MATERIAL PROVIDED:
# # # #

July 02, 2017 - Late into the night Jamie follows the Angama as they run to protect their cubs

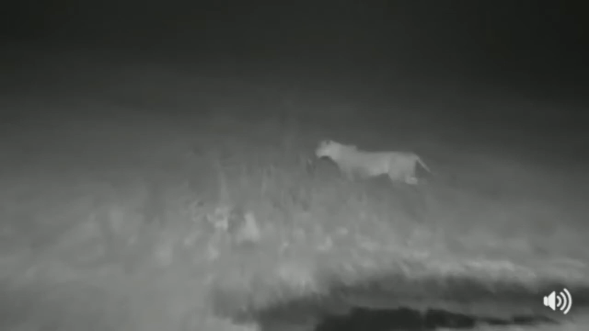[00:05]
Oh, they're playing with each other.
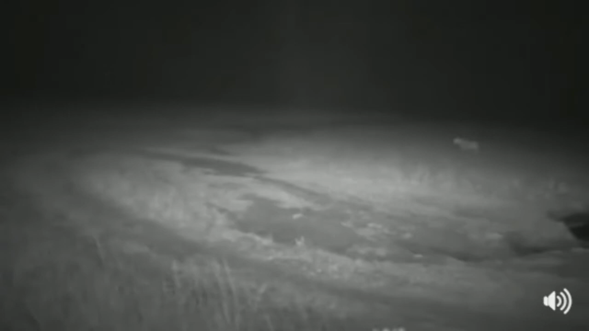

# # # #

TRY IT: Output all the material verbatim, skipping every image.

SOLUTION TO THIS TASK:
July 02, 2017 - Late into the night Jamie follows the Angama as they run to protect their cubs

[00:05]
Oh, they're playing with each other.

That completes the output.